# Toyota BuyBack Program for 95.5-2000 Tacomas



## t4dodge

For the record;

*Dealer Communication Letter (From Toyota Corp to all Dealers)*
http://www.showstop.org/images/truck/rust_warranty/dealer-communication.pdf

*Warranty Policy Bulletin #POL08-03 (Details about what is covered and VIN ranges)*
http://www.showstop.org/images/truck/rust_warranty/warranty-policy.pdf

*Vehicle Inspection Procedure*
http://www.showstop.org/images/truck/rust_warranty/vehicle-inspection.pdf

and with that said...

I signed my truck over to ISG last weekend, handed them my title and they slid the $15,274.50 check across the table to me...









My truck was a 1999 Tacoma X-Cab 2.7L 4x4 Auto w/177,000 miles, not a single body panel left undented, leaking tranny/t-case seals, busted cv-boots, and a cracked head after 6 winters of pushing my 6.5' Fisher blade... Since I could not drive it because I was in the middle of a head rebuild, I had it towed to the dealer on March 24th...

Since my daily driver Tacoma is now officially gone it was replaced with the Z28 below that Toyota paid for...









*2002 LS1 powered Z28* w/35,000 miles traded in by the original owners who could no longer get in and out of it because they were 80 years old...

I still needed a truck, since camper towing, hauling tools and the 2x4/plywood transport capabilites suck with a Camaro, I purchased this SD two days ago for $17,500...

*2001 F350 4x4 XLT Lariat*, 7.3 Liter PSD, Auto, Manual hubs/t-case


----------



## Zack1978

The local Toyota dealer here in Northern NJ has taken back 5 Tacoma's already.


Zack


----------



## itsgottobegreen

Does this apply to used toyotas too? Might have to find one cheap and bring it on buy a get a check for the full amount.

What did you do with the plow.


----------



## Flipper

The dealership here has 35 or so sitting on their lots. Got to give it to Toyota. They are taking care of customers.


----------



## DeereFarmer

Local dealer here has to have close to 100 on the lot and piling up fast. I want to buy one to beat around with on the farm.


----------



## Flipper

They are all to be cut in half at the frame and then parted.


----------



## DeereFarmer

Oh man, I wanted a good deal!


----------



## matts27

Wish they covered up to 86's... I still got one in the garage, welded up the frame and a bunch of others for friends and such. Everyone new that the older Toyo frames rotted out and they would even tell you that at the dealerships... seems as they only care about the newer trucks, not the ones that built their rep for reliabilty and ability to handle abuse. Got 245000 + on that truck and it never failed me, always started and got me to work. I'd love to get some CASH for it, especially now, save it for OIL this winter!!


----------



## Zack1978

First Time Out;557225 said:


> Local dealer here has to have close to 100 on the lot and piling up fast. I want to buy one to beat around with on the farm.
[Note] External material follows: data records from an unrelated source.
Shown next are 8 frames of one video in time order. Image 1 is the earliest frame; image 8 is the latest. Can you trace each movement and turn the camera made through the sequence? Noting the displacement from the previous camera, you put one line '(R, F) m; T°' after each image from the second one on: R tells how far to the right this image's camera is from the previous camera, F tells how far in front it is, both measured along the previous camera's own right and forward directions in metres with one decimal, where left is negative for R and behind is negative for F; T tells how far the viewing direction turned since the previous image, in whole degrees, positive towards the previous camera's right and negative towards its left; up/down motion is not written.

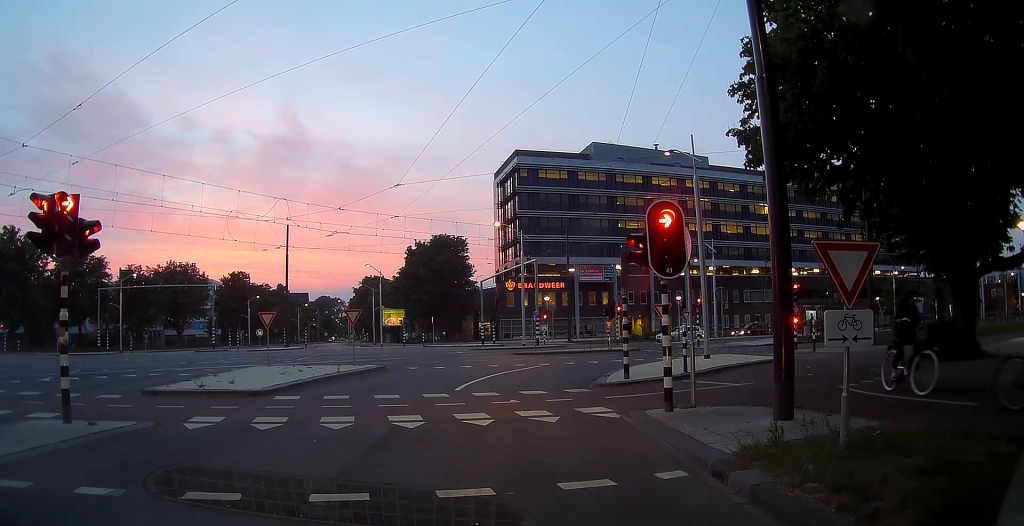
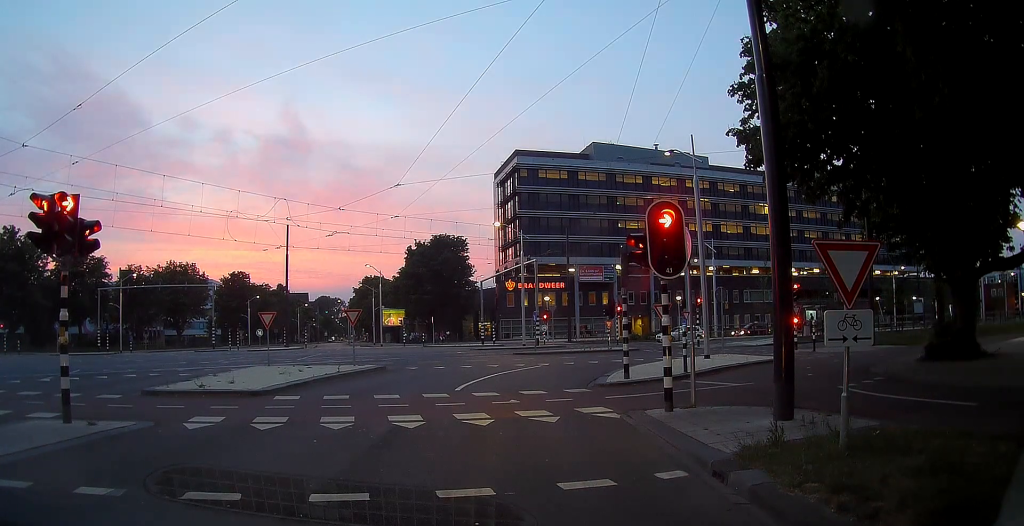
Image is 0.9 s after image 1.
(0.0, 0.0) m; 0°
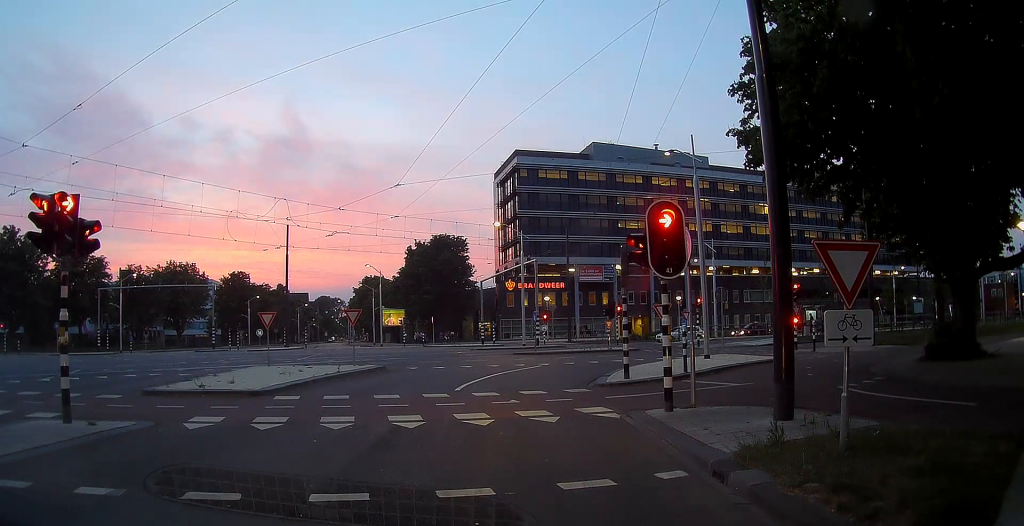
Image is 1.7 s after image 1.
(0.0, 0.0) m; 0°
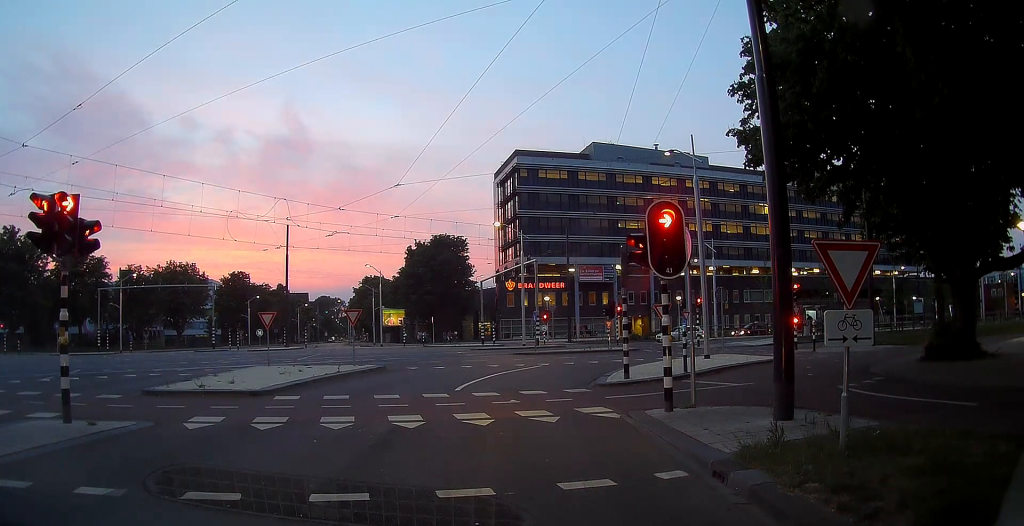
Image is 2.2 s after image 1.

The ones that I have looked at on the dealer lots have a paper taped to the window stating that the vehicle is the sole property of Toyota, and NO ONE is to drive or move said vehicle. The liability is huge for them !

Zack


----------



## DeereFarmer

Zack1978;557504 said:


> The liability is huge for them !


I can bet it is.


----------



## t4dodge

itsgottobegreen;557170 said:


> Does this apply to used toyotas too? Might have to find one cheap and bring it on buy a get a check for the full amount.
> 
> What did you do with the plow.


The blade is sitting at the end of my driveway... The rest went with the truck... I saw a VERY nice Tacoma with what appeared to be a never used Western setup just sitting there in the lot off to the crusher... Insane...


----------



## Flipper

I pulled all the parts off. They will fit up to 2003 Tacomas. I know a feew people with them. I won't buy one now though till I see how it shakes out.


----------



## itsgottobegreen

t4dodge;557707 said:


> The blade is sitting at the end of my driveway... The rest went with the truck... I saw a VERY nice Tacoma with what appeared to be a never used Western setup just sitting there in the lot off to the crusher... Insane...


Try to buy the plow and put it on ebay.

I got a complete tacoma fisher snow plow sitting at my shop. Just waiting for me to buy a truck to put it on.


----------



## jomofo

I was just looking online - seems you can still buy used tacoma's for $5-7K... Might have to go buy a couple and let toyota provide me some hard-earned customer service...


----------



## brad96z28

My mother has a 96 that she took to the dealer and they said it was ok


----------